Top of Data records

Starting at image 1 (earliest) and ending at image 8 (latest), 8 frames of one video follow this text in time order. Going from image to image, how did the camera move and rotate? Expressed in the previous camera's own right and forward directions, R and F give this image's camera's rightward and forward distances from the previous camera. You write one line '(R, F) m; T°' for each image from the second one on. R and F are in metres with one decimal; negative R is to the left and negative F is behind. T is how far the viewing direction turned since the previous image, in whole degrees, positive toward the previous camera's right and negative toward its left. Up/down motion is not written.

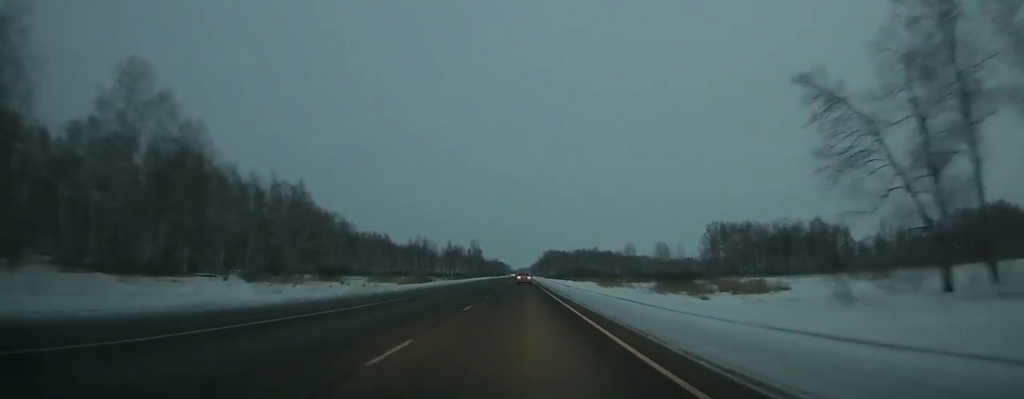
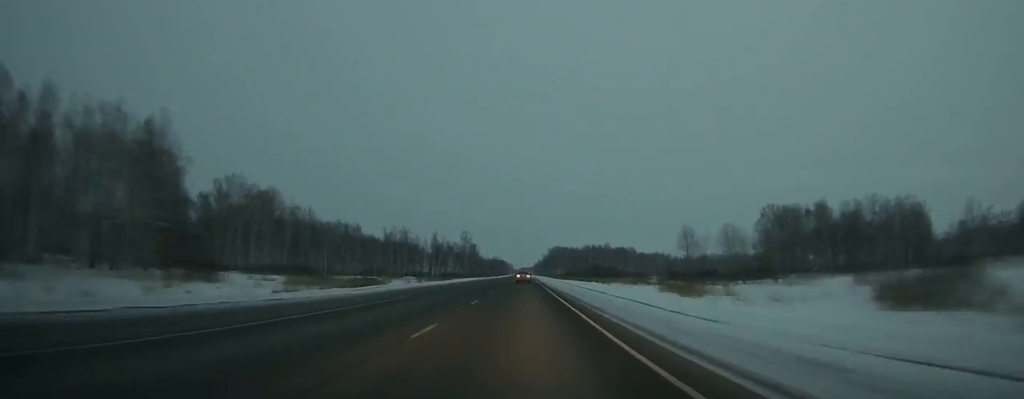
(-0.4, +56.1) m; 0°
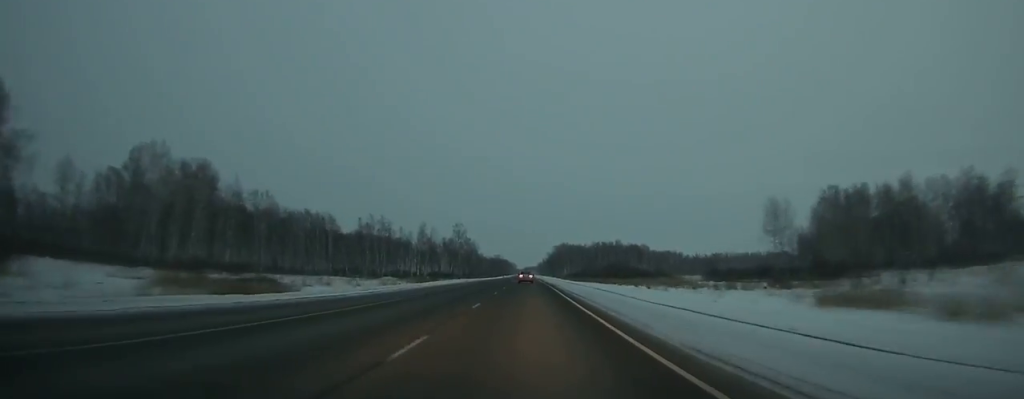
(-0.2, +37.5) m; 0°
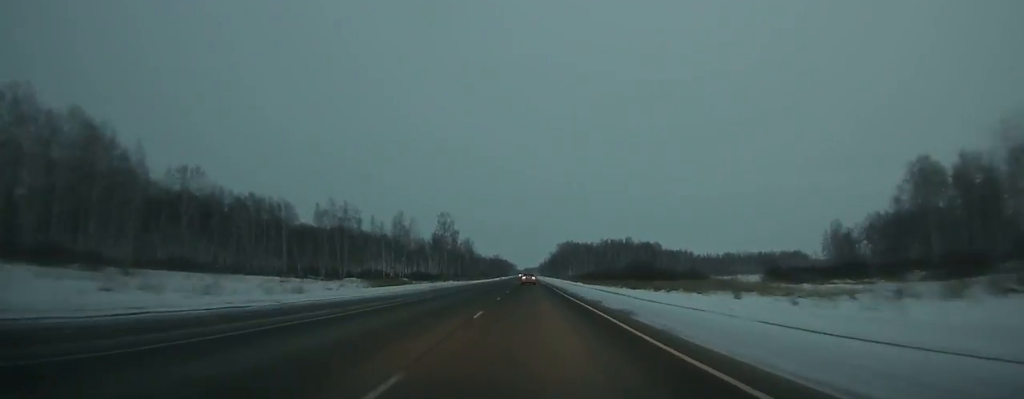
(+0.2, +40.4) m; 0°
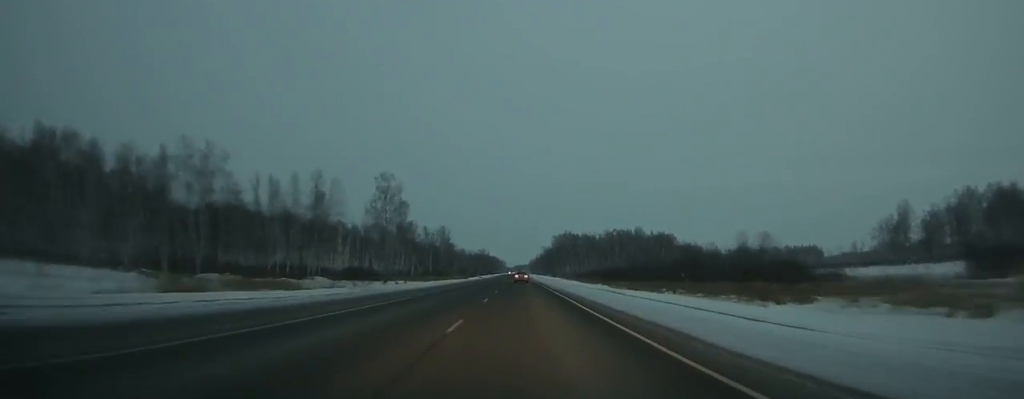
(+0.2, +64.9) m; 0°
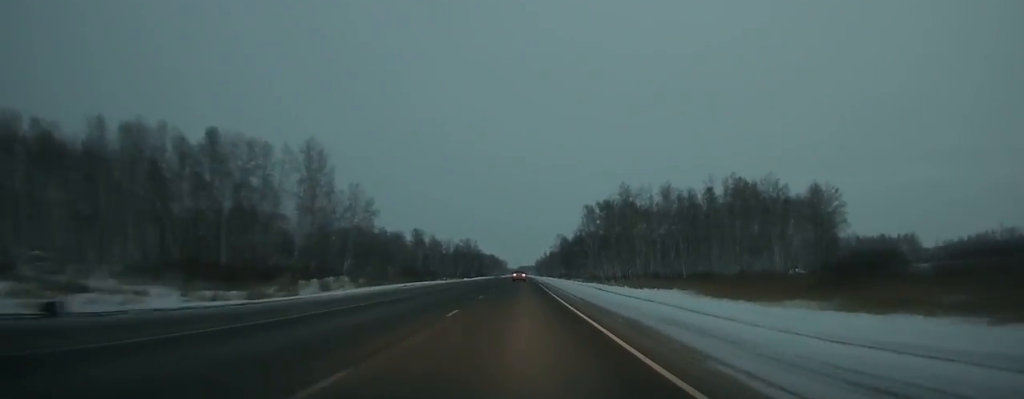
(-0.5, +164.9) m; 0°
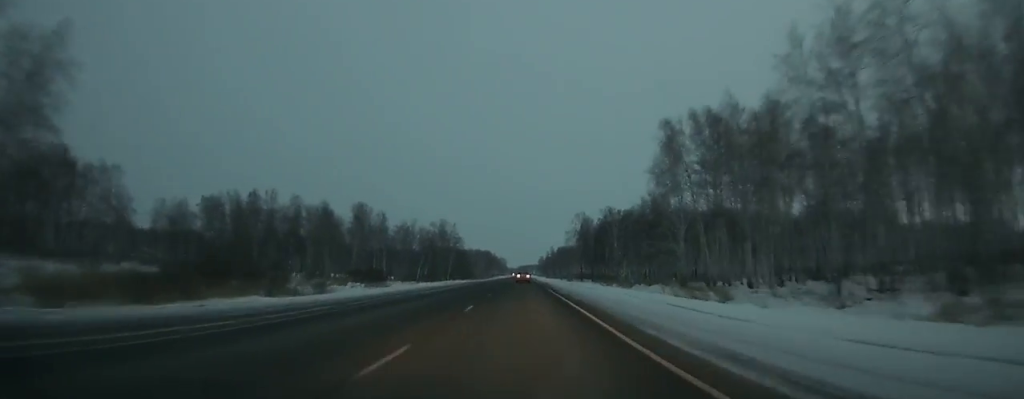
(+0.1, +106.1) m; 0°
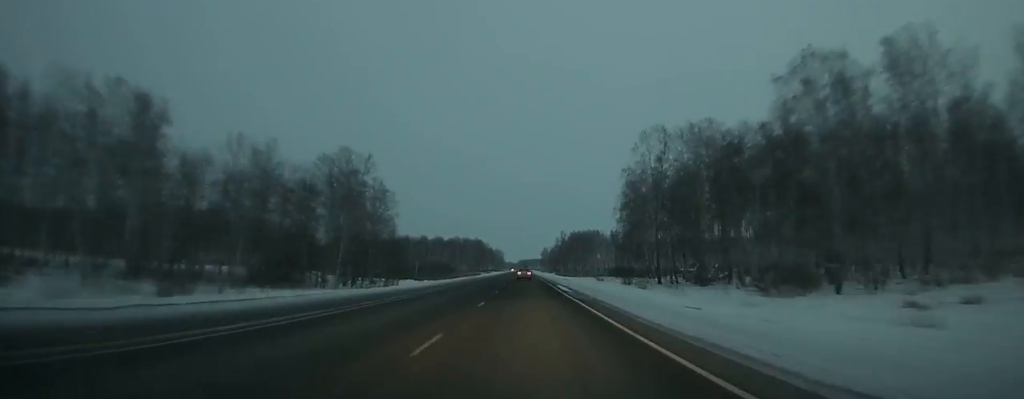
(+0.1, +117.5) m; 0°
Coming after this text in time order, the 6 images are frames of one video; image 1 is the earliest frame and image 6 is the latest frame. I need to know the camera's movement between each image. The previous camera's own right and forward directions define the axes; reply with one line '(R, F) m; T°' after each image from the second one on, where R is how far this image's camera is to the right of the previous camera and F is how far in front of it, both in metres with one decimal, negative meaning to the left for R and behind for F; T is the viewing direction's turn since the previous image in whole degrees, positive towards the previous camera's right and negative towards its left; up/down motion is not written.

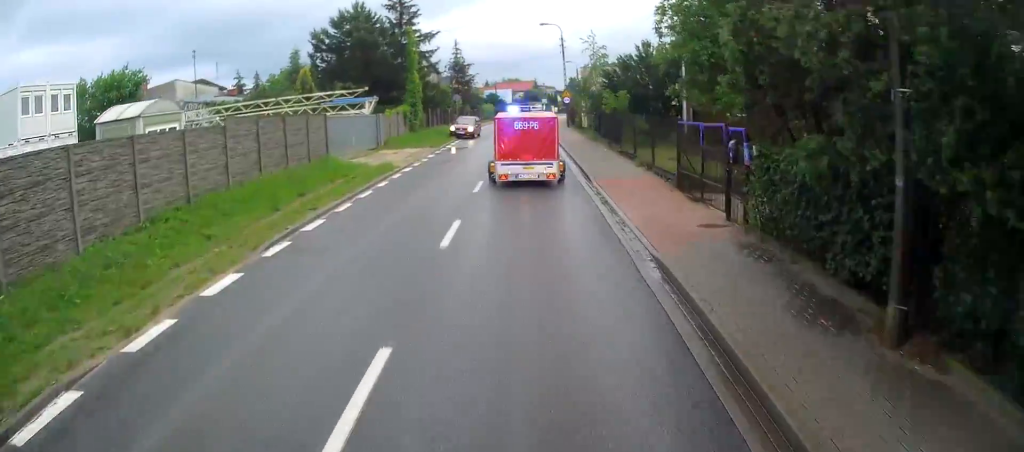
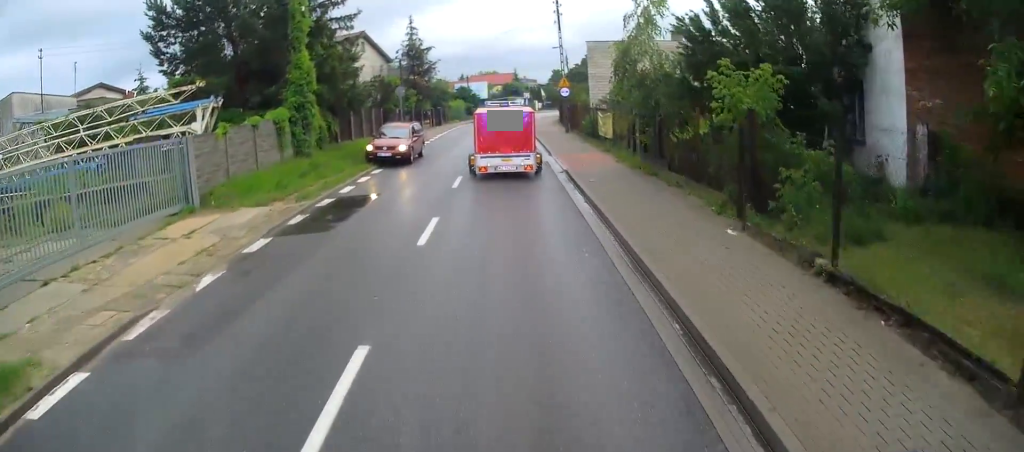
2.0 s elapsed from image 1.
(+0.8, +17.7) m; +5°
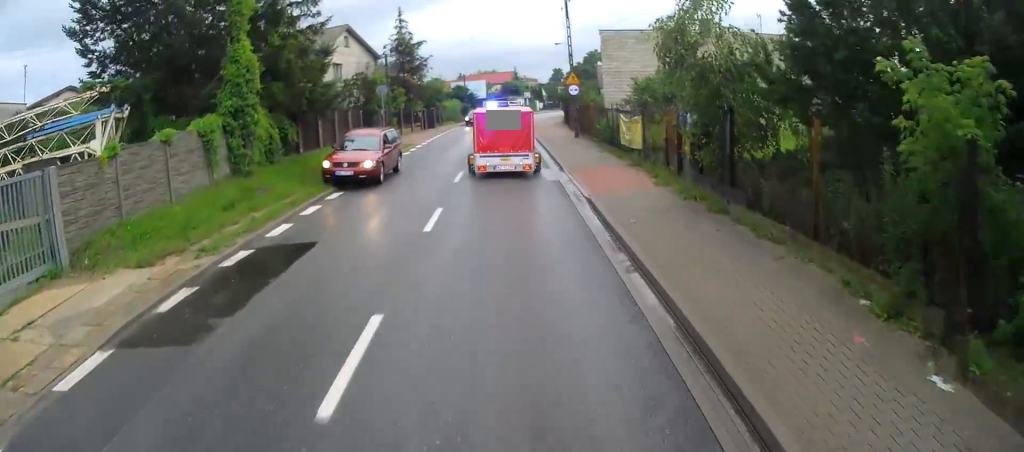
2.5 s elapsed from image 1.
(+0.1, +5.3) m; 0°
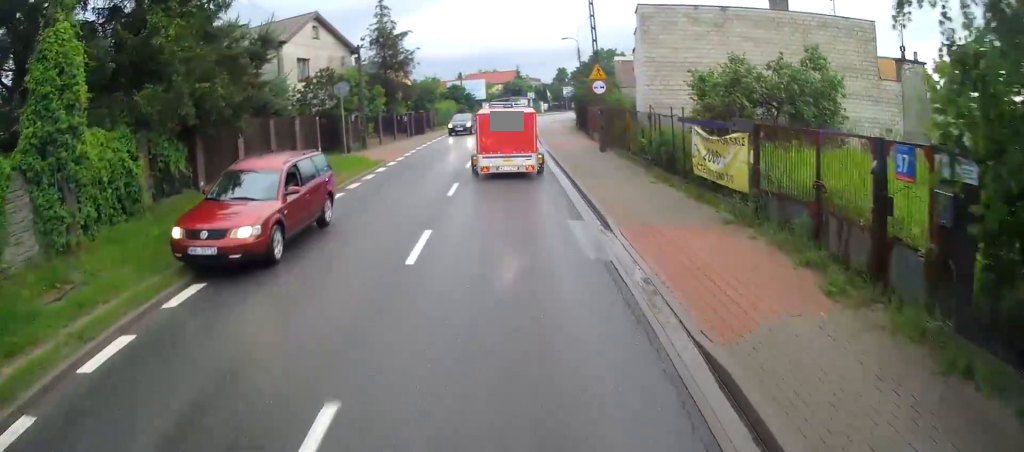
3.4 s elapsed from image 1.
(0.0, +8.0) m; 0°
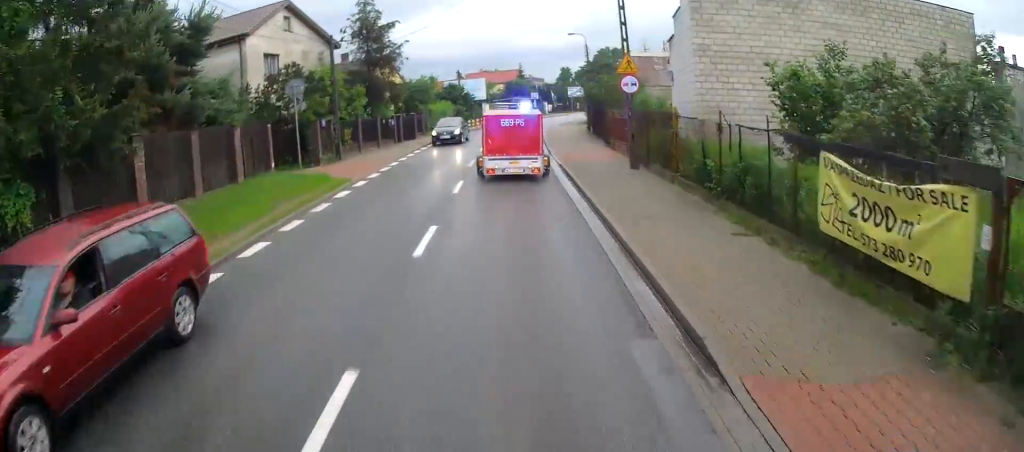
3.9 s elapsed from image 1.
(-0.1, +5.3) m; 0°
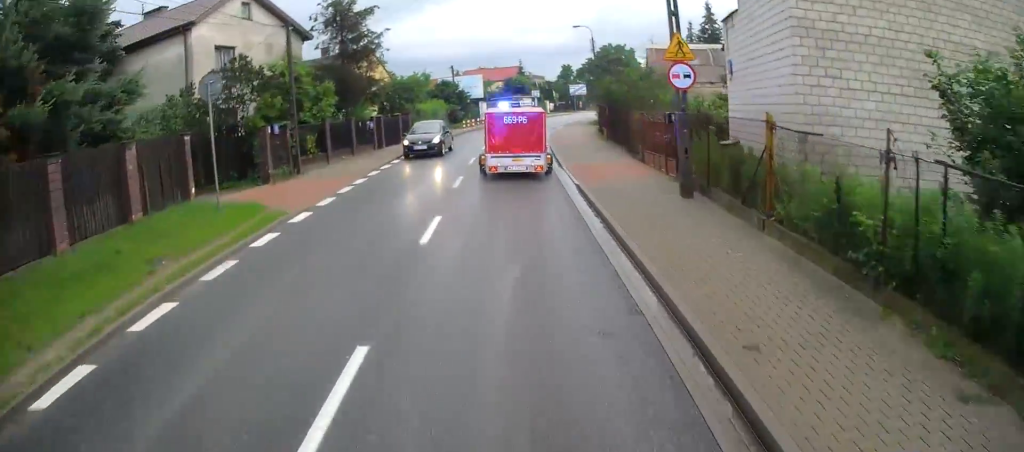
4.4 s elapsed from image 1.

Bottom of Data records

### [Assignment]
Each record above must be set down again unchanged, with its pictures left out.

### [Answer for the task]
Starting at image 1 (earliest) and ending at image 8 (latest), 8 frames of one video follow this text in time order. Going from image to image, how did the camera move and rotate? Expressed in the previous camera's own right and forward directions, R and F give this image's camera's rightward and forward distances from the previous camera. You write one line '(R, F) m; T°' for each image from the second one on. R and F are in metres with one decimal; negative R is to the left and negative F is behind. T is how far the viewing direction turned since the previous image, in whole degrees, positive toward the previous camera's right and negative toward its left. Up/down motion is not written.

(-0.4, +56.1) m; 0°
(-0.2, +37.5) m; 0°
(+0.2, +40.4) m; 0°
(+0.2, +64.9) m; 0°
(-0.5, +164.9) m; 0°
(+0.1, +106.1) m; 0°
(+0.1, +117.5) m; 0°
Coming after this text in time order, the 6 images are frames of one video; image 1 is the earliest frame and image 6 is the latest frame. I need to know the camera's movement between each image. The previous camera's own right and forward directions define the axes; reply with one line '(R, F) m; T°' after each image from the second one on, where R is how far this image's camera is to the right of the previous camera and F is how far in front of it, both in metres with one decimal, negative meaning to the left for R and behind for F; T is the viewing direction's turn since the previous image in whole degrees, positive towards the previous camera's right and negative towards its left; up/down motion is not written.

2.0 s elapsed from image 1.
(+0.8, +17.7) m; +5°
2.5 s elapsed from image 1.
(+0.1, +5.3) m; 0°
3.4 s elapsed from image 1.
(0.0, +8.0) m; 0°
3.9 s elapsed from image 1.
(-0.1, +5.3) m; 0°
4.4 s elapsed from image 1.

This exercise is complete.